Problem requirements: Write out exactly, excluding pictures, the lines from the one containing "An aerial image. It shows: Baseball" through the end of the data, both included.

[Source data]
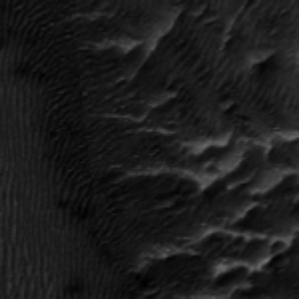
Label: frost
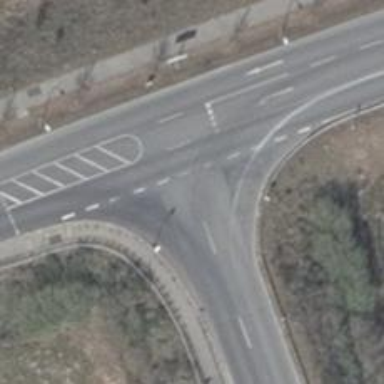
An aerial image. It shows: Road with "give way" sign.
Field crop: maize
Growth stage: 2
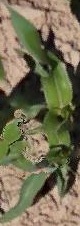
Species: maize
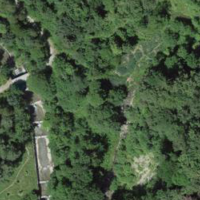
EUNIS habitat code: 41
Species observed at this site:
Rana temporaria
Helix pomatia
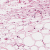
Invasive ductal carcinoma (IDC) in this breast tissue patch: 0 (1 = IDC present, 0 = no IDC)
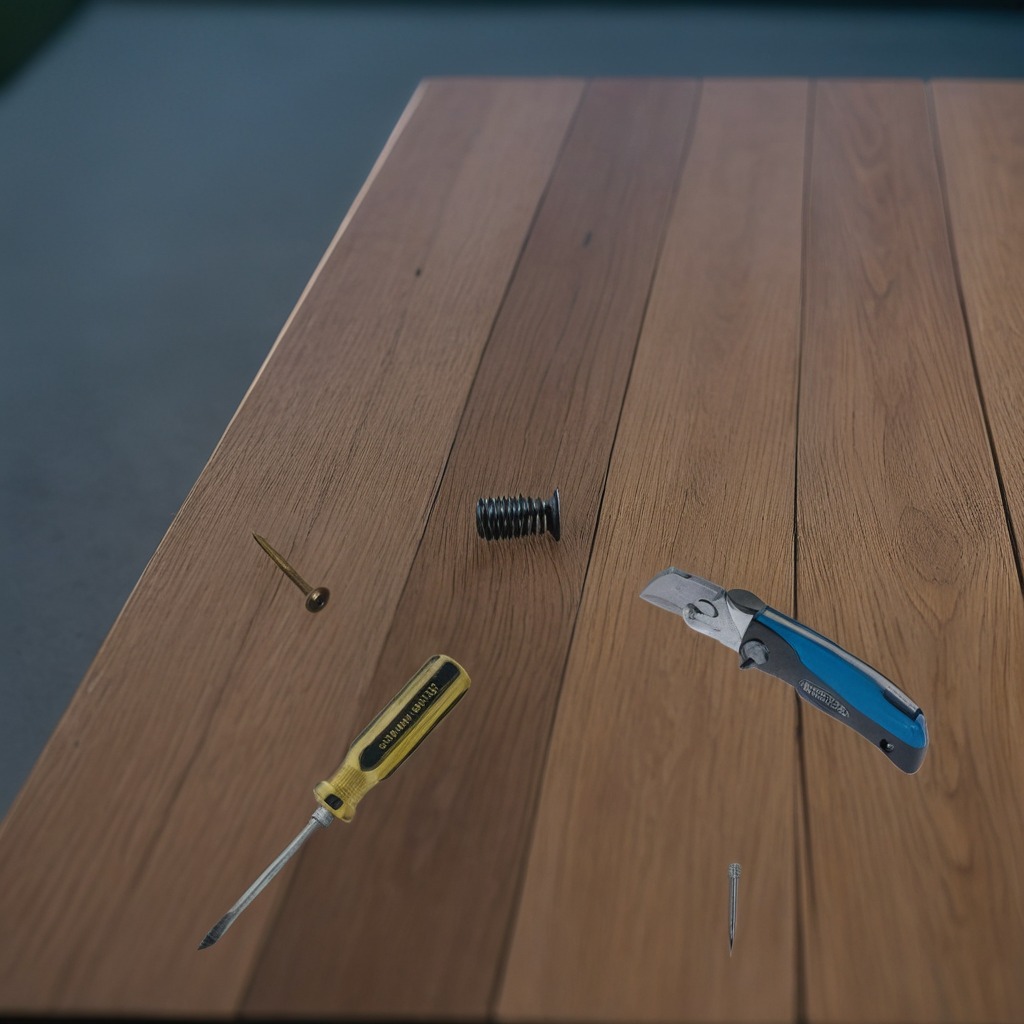
A utility knife, a metal machine screw, an iron nail, a coiled metal spring, and a screwdriver are lying on the table.
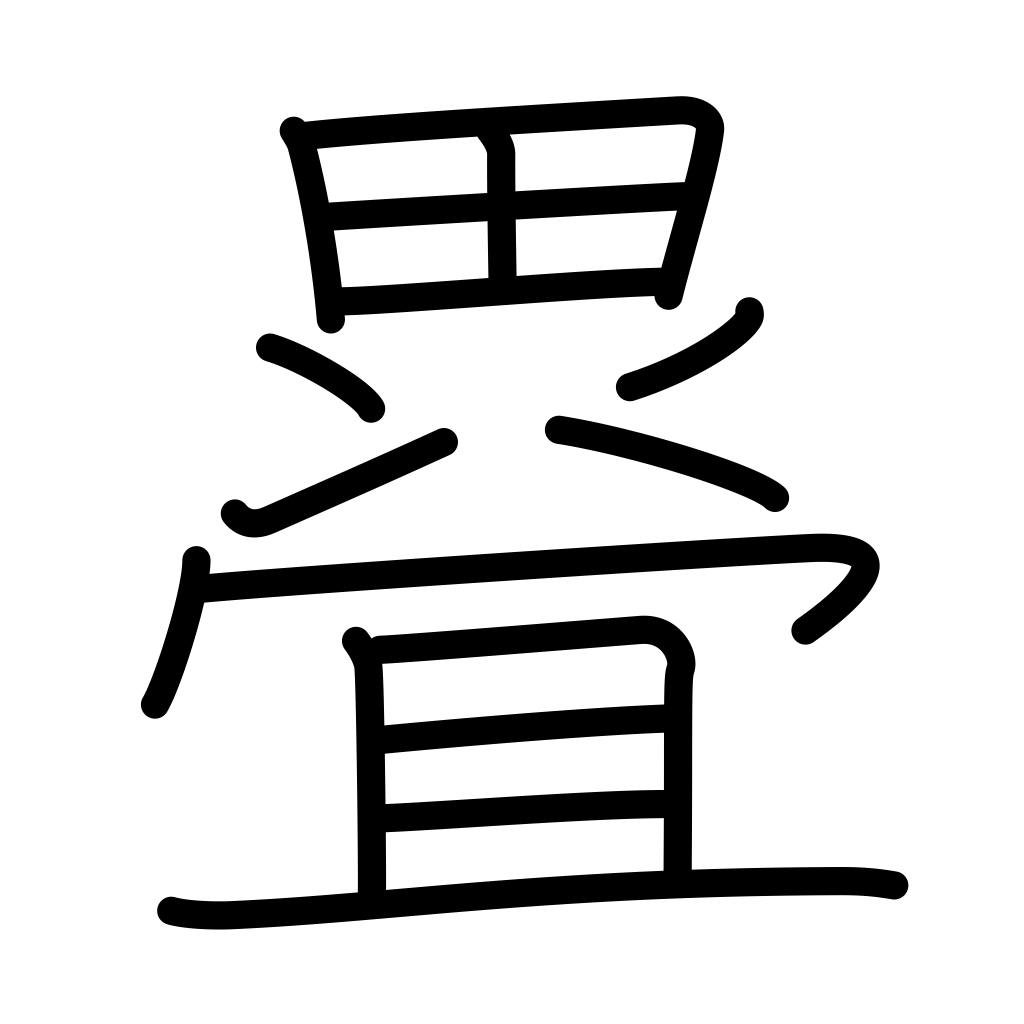
Meaning: counter for tatami mats, fold
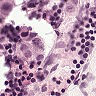
Metastatic tissue present: yes
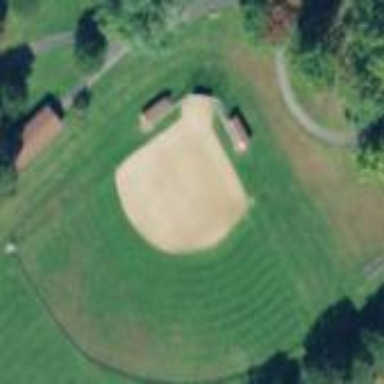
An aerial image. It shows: Baseball pitch for leisure land activities.
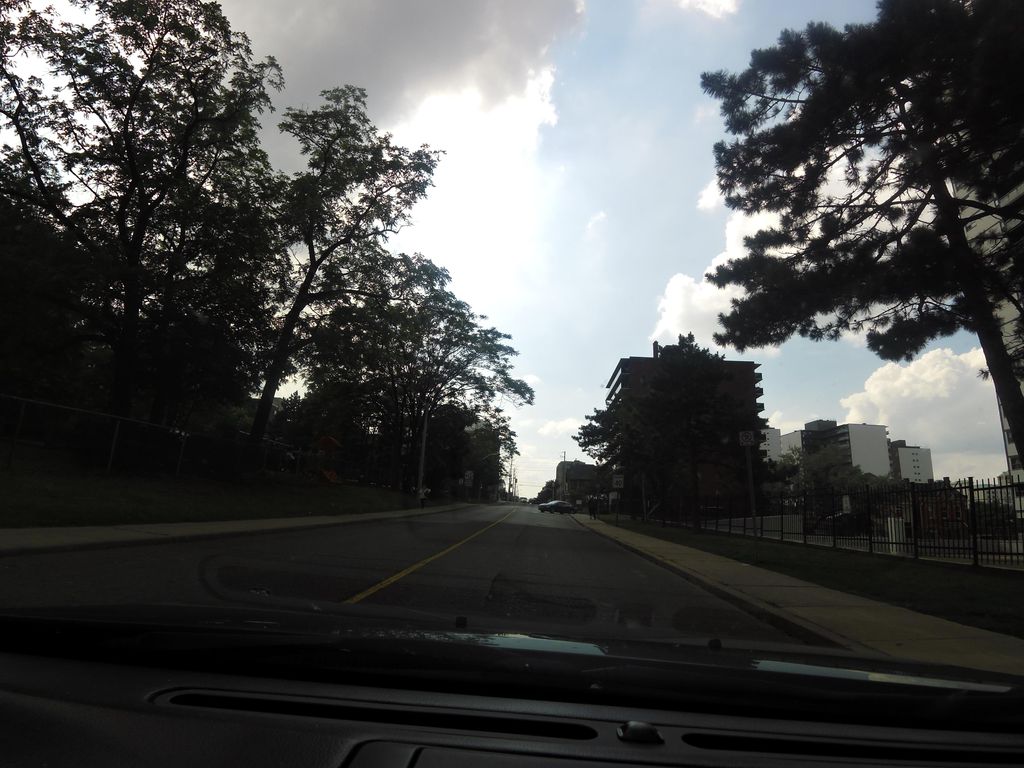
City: hamilton
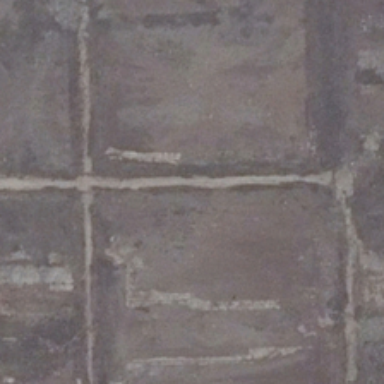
It is a piece of bareland .
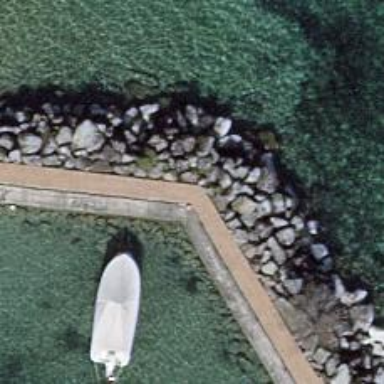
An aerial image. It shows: Man-made pier.
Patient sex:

Answer to this exercise:
An aerial image. It shows: Baseball pitch for leisure land activities.
City: hamilton
It is a piece of bareland .
An aerial image. It shows: Man-made pier.
Patient sex:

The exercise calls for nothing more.